3. The method as claimed in claim 2, wherein said step of identifying one or more words comprises generating a vector for said collected phrase, said vector having an element for each of a plurality of words in said collected phrase, and comparing the vector for said collected phrase to a vector for one of said semantic concepts, and associating said collected phrase with said semantic concept if said vector has a number of elements exceeding a predefined threshold.

4. The method as claimed in claim 3, wherein said step of building a grammar module comprises converting a plurality of grammar elements into a machine-readable format and converting said semantic concepts into a machine-readable format, and storing said machine-readable grammar elements and semantic concepts in a computer file.

5. The method as claimed in claim 3, wherein one or more of said vector elements includes an indicator, said indicator providing information about said associated vector element.

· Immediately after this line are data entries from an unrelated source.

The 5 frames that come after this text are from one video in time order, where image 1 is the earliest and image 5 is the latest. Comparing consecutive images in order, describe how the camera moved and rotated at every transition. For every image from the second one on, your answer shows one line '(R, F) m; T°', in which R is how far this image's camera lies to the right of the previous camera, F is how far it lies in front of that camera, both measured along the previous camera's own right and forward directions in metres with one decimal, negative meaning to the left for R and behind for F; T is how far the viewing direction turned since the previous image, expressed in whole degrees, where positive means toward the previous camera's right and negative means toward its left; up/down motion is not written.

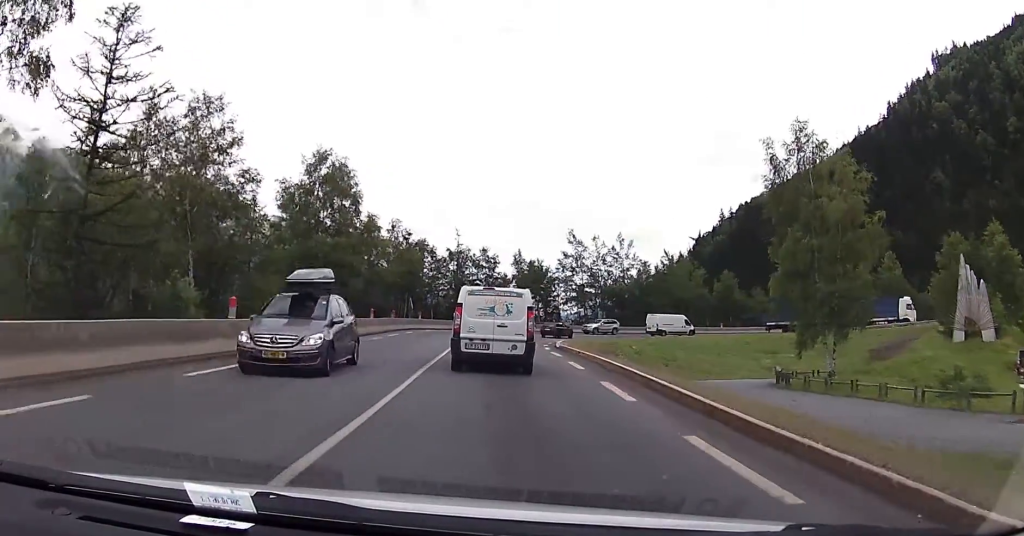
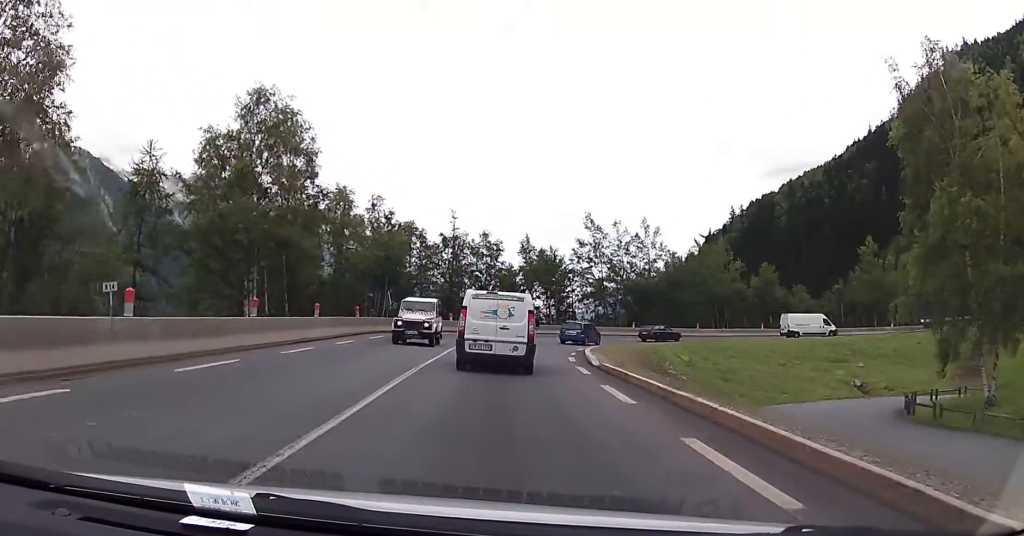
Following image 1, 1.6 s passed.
(-0.3, +13.1) m; -1°
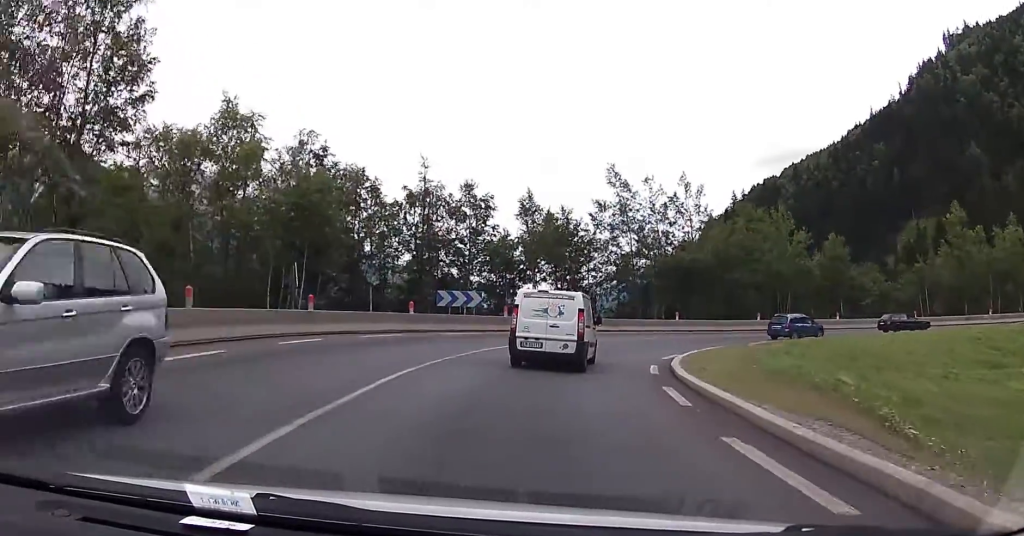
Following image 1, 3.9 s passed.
(+0.2, +19.4) m; 0°
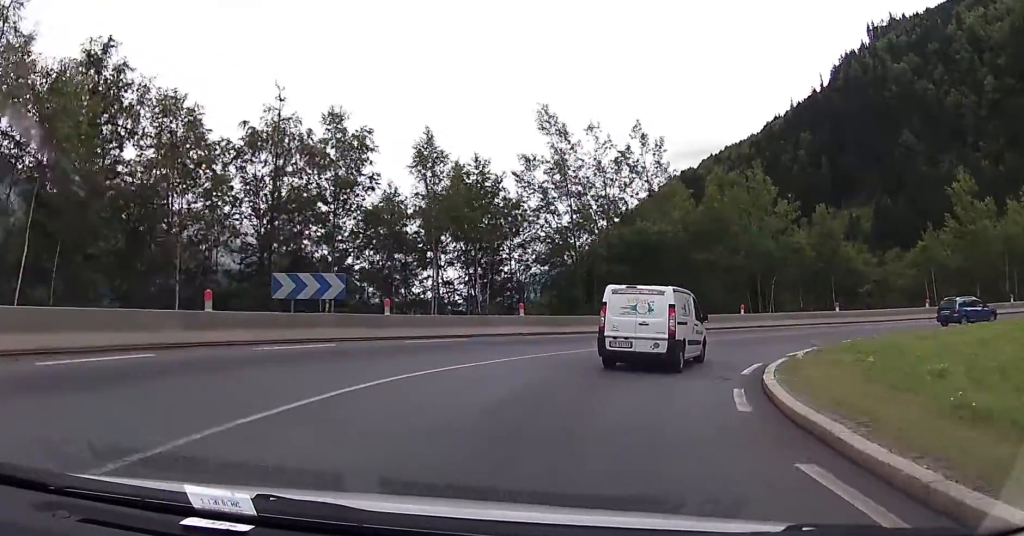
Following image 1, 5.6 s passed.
(+0.2, +14.3) m; +3°
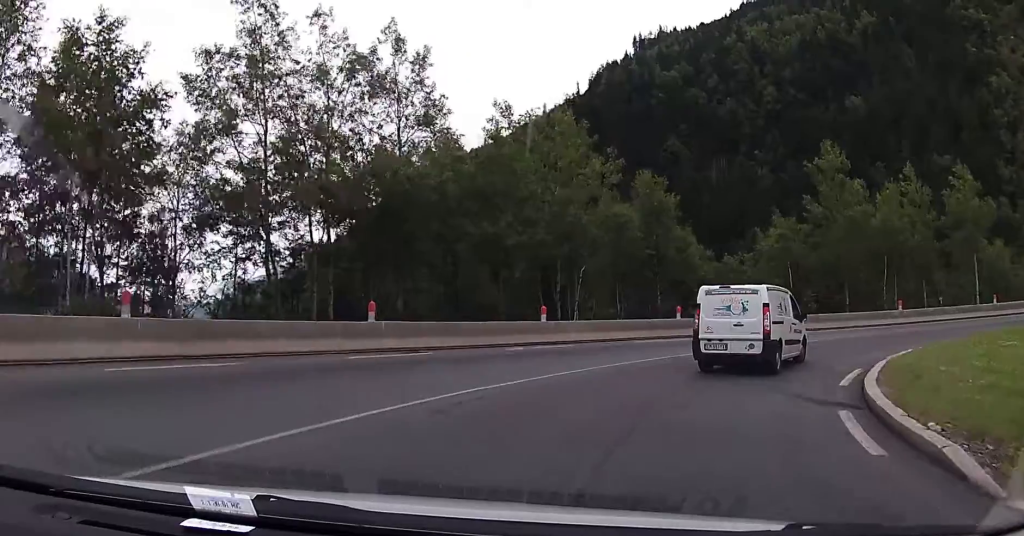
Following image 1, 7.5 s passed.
(+1.2, +17.0) m; +13°

6. The method as claimed in claim 5, wherein said indicator comprises a content indicator providing a probability indicator for the occurrence of a word.

7. The method as claimed in claim 5, wherein said indicator comprises a word sense indicator providing an intended meaning for a word.

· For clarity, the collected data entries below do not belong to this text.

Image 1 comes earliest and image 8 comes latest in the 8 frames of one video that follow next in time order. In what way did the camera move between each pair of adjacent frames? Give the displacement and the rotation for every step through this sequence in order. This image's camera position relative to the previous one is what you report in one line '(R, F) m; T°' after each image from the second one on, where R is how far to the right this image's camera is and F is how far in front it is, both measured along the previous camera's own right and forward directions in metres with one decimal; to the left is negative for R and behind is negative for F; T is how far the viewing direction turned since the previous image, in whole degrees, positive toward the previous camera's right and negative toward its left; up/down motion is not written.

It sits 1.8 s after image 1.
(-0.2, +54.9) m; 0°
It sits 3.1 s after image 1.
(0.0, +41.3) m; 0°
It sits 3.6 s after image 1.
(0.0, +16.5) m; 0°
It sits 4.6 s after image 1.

8. The method as claimed in claim 3, further including the step of inserting one or more synonymous terms for one or more words in said collected phrases wherein said one or more words have a synonymous term, and said vector including a corresponding element for at least some of said synonymous terms.

9. The method as claimed in claim 3, further including the step of inserting one or more hypernyms into said vector, and said one or more hypernyms having a weighting.

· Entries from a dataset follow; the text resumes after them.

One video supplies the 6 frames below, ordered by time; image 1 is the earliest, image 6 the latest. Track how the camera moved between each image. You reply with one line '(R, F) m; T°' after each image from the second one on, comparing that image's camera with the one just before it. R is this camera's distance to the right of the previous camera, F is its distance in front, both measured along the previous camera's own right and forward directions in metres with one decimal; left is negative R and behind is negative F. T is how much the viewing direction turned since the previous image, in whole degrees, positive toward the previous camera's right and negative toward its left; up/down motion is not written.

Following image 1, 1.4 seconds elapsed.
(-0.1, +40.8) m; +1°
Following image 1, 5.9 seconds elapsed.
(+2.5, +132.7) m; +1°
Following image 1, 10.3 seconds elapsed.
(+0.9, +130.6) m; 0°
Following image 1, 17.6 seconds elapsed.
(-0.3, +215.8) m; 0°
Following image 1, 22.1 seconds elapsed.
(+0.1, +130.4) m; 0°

10. A system for building a grammar module for a speech application, said system comprising:

means for collecting phrases associated with one or more of said voice responses;

means for transcribing said collected phrases into a machine-readable format;
means for clustering selected ones of said collected phrases into a plurality of semantic concepts, wherein each of said semantic concepts comprises one or more collected phrases having a similar meaning;

means for creating a grammar module based on said collected phrases and said semantic concepts.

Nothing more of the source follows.